The next morning the stranger, Will, is able to convince Paul to take him and his wife and son in. This is where the movie slows down. Two families live under one roof. We see how that's beneficial and how the strangers wife puts ideas in teenage Travis's head.  I wondered where this was going to go. Will it be a family drama as isolation makes them irritable, will someone get infected, or will strife start a fight? Until this point the movie had created a great mood.

One night the outside door is found open, the family dog having returned though mortally wounded. Everyone becomes concerned that someone in the house is infected. Tensions run high as no one admits to opening the door. This is a movie that unfolds slowly. Who killed the dog? Who opened the door? We don't know.

Eventually Paul believes Will's son is infected. That thought is only reinforced when Will and his family refuse to leave their room. Will adamantly states his son isn't sick, but if he wasn't why are they so secretive? The exodus of Will's family is intense, though it is subtle.

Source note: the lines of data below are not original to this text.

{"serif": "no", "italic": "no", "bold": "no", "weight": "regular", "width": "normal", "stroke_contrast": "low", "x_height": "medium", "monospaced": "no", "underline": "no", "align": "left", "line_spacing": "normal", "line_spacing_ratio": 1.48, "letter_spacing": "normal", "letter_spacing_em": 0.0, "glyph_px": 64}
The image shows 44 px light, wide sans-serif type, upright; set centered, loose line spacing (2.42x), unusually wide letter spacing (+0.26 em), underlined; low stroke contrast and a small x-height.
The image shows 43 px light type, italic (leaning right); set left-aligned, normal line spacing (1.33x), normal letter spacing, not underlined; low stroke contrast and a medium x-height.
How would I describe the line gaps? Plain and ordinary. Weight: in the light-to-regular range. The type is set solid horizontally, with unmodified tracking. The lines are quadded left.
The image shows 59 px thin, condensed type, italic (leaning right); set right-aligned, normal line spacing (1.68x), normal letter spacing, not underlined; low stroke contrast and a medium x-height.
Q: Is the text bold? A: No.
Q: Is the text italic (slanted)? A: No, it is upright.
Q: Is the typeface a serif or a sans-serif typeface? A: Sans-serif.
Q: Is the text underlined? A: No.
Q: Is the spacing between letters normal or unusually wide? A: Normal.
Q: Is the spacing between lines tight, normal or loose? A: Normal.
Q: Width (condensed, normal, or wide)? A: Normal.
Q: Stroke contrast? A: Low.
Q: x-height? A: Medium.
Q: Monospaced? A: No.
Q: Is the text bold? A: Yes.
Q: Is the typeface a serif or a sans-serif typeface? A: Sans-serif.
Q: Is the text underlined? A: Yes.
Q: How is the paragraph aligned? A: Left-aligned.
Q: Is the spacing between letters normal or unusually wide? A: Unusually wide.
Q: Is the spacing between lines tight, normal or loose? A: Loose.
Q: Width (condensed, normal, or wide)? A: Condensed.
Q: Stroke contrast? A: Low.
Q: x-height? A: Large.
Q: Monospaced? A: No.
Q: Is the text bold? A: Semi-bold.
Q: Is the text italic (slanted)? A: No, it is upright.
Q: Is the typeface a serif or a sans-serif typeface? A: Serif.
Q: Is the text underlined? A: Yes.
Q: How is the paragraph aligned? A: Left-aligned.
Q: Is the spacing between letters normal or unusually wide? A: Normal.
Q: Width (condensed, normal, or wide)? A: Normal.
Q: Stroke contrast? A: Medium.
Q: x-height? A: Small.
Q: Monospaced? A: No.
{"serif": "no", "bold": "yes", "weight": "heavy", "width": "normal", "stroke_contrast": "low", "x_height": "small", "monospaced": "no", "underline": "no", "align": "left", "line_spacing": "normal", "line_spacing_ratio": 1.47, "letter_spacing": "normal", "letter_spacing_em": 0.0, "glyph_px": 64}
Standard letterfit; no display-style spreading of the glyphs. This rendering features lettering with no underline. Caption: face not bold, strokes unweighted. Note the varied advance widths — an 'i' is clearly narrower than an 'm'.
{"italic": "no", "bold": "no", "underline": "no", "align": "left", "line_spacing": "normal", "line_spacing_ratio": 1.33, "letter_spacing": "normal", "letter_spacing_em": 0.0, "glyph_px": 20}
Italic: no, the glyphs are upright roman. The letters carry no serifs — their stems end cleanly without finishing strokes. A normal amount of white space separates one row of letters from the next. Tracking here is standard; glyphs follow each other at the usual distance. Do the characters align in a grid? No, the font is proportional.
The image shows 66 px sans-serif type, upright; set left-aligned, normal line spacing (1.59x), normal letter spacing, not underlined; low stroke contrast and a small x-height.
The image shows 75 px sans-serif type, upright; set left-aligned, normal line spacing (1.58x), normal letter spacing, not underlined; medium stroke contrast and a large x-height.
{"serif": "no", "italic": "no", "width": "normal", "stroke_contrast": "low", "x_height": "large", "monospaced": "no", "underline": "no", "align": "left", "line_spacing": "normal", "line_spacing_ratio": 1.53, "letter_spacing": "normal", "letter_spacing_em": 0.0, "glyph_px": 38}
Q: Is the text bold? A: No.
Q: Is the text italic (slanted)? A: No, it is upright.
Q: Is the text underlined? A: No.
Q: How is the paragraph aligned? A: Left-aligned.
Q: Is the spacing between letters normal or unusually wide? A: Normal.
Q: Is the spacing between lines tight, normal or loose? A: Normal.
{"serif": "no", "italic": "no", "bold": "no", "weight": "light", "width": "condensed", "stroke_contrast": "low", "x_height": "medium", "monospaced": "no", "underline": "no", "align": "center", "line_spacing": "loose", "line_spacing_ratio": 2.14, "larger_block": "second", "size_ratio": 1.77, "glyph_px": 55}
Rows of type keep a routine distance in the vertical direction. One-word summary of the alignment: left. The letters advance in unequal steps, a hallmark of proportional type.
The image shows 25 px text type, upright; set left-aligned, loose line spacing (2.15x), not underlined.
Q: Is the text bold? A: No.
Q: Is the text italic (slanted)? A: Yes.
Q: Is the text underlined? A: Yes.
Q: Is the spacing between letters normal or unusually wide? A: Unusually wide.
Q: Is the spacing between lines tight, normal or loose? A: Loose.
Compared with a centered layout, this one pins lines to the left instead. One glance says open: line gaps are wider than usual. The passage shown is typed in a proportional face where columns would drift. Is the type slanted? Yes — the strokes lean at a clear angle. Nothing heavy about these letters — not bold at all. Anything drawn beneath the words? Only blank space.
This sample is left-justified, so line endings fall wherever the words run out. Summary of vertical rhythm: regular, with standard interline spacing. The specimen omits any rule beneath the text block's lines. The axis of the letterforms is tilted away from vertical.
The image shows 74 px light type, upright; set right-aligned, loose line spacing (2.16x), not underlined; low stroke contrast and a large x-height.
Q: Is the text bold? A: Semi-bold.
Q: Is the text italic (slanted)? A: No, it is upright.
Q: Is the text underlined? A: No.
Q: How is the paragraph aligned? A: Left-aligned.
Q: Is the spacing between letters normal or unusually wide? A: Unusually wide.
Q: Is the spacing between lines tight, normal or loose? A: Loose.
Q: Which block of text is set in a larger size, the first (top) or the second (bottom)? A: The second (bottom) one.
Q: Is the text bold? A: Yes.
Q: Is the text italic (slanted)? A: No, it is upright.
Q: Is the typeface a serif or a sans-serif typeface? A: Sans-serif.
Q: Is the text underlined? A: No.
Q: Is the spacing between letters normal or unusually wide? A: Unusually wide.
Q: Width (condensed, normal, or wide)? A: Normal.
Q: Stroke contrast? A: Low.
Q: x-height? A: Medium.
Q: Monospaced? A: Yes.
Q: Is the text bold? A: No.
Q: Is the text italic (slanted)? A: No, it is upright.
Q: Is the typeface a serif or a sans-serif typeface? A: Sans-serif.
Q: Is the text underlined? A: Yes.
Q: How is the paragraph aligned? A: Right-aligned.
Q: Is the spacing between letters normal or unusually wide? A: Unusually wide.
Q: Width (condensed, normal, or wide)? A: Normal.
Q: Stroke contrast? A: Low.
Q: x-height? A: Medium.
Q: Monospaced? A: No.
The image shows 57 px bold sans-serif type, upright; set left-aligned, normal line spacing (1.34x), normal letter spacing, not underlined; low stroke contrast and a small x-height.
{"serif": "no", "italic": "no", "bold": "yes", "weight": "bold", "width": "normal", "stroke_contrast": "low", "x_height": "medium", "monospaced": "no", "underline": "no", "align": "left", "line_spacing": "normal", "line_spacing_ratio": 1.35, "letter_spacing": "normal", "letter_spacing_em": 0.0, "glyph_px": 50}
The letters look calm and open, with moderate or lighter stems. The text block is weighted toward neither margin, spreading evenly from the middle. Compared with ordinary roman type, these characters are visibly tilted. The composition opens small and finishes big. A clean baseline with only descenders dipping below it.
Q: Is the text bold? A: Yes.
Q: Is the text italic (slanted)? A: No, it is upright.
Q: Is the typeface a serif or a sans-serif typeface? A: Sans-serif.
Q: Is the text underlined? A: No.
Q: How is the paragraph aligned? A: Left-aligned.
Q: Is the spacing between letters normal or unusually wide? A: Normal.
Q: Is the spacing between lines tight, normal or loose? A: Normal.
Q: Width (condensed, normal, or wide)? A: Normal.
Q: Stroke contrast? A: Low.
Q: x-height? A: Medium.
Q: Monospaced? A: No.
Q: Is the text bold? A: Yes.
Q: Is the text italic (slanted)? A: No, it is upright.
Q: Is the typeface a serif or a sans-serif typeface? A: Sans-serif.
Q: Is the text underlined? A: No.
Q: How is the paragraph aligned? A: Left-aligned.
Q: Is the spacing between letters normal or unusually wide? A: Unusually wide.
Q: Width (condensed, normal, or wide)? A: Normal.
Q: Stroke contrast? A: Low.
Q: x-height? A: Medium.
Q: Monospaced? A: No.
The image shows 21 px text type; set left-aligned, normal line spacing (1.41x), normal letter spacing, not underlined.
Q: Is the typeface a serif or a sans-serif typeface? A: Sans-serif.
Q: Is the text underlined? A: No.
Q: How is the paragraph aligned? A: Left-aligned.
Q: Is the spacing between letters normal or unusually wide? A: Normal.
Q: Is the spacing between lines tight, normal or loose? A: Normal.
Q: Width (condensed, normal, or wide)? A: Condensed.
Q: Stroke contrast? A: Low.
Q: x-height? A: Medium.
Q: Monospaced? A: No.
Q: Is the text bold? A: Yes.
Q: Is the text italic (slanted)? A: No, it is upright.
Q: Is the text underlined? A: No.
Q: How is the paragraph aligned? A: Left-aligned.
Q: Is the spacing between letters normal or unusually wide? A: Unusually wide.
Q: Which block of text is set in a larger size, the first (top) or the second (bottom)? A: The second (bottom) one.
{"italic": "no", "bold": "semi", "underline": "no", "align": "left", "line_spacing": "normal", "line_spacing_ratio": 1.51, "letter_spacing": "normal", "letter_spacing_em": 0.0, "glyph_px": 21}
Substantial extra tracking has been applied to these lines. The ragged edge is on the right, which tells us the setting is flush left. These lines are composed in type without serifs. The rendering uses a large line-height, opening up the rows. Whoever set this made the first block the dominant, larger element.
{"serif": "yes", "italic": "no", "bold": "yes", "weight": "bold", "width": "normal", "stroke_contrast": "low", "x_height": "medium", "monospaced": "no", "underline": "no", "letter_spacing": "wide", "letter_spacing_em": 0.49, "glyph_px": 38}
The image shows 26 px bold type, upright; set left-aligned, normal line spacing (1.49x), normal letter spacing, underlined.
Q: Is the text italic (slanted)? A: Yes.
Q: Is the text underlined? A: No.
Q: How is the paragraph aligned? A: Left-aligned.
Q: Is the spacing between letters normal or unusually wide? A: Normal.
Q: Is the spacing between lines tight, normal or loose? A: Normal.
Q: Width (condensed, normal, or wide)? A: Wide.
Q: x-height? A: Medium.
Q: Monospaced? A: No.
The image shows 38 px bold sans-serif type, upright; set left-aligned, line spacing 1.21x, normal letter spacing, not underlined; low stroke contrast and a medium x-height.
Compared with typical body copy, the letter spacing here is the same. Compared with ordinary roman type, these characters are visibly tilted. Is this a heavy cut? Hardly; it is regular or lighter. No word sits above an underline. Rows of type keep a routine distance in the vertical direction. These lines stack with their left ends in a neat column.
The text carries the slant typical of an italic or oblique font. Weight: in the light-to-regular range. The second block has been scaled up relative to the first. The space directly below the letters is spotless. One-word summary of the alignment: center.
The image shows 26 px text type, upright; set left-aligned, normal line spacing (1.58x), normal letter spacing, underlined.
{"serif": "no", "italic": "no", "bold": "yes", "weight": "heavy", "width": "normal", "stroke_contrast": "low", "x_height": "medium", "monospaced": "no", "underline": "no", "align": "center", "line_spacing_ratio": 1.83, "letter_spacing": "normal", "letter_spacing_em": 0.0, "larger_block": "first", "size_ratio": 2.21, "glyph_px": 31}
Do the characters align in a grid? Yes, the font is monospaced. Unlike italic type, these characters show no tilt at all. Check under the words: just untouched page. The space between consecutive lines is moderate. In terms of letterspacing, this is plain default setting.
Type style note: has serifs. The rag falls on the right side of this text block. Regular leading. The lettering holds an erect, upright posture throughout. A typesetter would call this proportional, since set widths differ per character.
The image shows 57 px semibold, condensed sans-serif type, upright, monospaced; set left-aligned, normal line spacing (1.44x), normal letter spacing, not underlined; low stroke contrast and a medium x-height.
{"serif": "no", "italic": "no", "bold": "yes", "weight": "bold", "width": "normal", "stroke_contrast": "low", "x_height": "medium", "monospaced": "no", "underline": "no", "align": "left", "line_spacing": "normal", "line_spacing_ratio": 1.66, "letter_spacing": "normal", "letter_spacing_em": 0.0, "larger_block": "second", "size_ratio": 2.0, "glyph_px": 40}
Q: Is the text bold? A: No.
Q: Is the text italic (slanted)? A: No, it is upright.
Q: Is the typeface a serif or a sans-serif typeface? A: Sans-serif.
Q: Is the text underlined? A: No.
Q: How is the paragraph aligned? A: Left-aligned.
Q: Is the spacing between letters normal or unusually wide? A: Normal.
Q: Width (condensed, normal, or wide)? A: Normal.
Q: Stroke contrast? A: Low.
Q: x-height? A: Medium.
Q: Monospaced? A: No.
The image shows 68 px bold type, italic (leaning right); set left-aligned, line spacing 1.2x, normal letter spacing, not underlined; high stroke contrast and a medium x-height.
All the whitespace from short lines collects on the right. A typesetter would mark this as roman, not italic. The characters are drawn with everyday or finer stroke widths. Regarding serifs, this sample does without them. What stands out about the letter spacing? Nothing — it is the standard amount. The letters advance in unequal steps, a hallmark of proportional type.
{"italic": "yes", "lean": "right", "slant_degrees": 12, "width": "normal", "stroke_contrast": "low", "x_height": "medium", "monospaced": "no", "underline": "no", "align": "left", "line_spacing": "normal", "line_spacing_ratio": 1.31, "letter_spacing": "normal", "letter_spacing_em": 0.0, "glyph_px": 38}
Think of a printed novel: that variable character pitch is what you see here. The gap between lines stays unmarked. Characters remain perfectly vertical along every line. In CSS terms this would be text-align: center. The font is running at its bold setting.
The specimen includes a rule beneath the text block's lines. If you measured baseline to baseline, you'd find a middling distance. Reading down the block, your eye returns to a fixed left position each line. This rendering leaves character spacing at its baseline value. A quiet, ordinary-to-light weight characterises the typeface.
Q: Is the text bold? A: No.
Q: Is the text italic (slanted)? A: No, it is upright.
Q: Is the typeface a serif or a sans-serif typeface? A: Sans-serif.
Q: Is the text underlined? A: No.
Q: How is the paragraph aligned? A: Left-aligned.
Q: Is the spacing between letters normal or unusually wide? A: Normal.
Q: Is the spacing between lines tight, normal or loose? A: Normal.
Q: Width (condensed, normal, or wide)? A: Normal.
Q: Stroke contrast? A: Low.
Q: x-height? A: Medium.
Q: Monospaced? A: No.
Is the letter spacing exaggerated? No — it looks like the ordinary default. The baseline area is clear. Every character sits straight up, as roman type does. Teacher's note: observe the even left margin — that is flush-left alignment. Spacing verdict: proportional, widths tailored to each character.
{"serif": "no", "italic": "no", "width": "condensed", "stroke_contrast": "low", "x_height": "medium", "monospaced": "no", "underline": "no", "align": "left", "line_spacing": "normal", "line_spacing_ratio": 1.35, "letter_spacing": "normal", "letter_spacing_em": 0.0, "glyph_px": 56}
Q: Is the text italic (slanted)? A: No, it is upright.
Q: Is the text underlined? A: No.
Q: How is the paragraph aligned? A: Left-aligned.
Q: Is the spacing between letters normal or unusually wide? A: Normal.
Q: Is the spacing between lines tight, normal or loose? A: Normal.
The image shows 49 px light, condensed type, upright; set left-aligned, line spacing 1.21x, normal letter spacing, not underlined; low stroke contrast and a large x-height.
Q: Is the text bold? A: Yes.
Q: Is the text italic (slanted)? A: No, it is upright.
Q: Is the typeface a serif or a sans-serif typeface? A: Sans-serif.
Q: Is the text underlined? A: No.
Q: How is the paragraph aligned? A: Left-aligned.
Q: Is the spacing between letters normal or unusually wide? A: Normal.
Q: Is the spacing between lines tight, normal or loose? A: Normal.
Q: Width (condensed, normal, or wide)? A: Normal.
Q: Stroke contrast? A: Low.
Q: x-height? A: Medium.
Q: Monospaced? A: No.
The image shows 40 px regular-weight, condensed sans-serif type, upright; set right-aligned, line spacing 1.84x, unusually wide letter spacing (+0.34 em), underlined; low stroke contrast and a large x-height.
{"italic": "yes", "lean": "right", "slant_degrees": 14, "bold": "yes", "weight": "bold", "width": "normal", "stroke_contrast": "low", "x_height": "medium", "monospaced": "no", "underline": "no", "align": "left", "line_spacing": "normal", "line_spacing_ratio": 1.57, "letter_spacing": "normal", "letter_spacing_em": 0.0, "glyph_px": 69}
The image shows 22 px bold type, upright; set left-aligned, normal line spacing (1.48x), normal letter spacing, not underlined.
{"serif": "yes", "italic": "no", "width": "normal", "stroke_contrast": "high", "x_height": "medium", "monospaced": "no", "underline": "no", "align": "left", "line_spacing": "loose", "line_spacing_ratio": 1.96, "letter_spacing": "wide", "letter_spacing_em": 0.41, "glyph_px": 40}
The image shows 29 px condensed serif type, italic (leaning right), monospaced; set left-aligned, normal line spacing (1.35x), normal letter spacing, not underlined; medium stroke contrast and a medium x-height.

The marketing made this seem like a horror movie, and while it has elements of a horror movie, it's more a thriller. It's a sparse survival tale. It started out great, but seemed unsure of what to do after the new family is introduced. This definitely ends on a downer, but the mystery of who killed the dog remains. While is isn't necessarily relevant to the plot, it's a strange detail to leave unanswered. This mystery is what pushes us to the conclusion, but it isn't resolved.

Ultimately I think Travis opened the door. He had some weird dreams, and while it isn't definite, it is likely. Will's son got sick because Paul's father in law was sick in the house. I think everyone would have gotten sick eventually, but Will's son just didn't have a strong enough immune system. The movie ends bleakly. Fear drives people to do crazy things.

This reminded me a lot of 10 Cloverfield Lane (read my review) with John Goodman and Mary Elizabeth Winstead. It's a similarly sparse movie that relies on tension and did it better than It Comes at Night.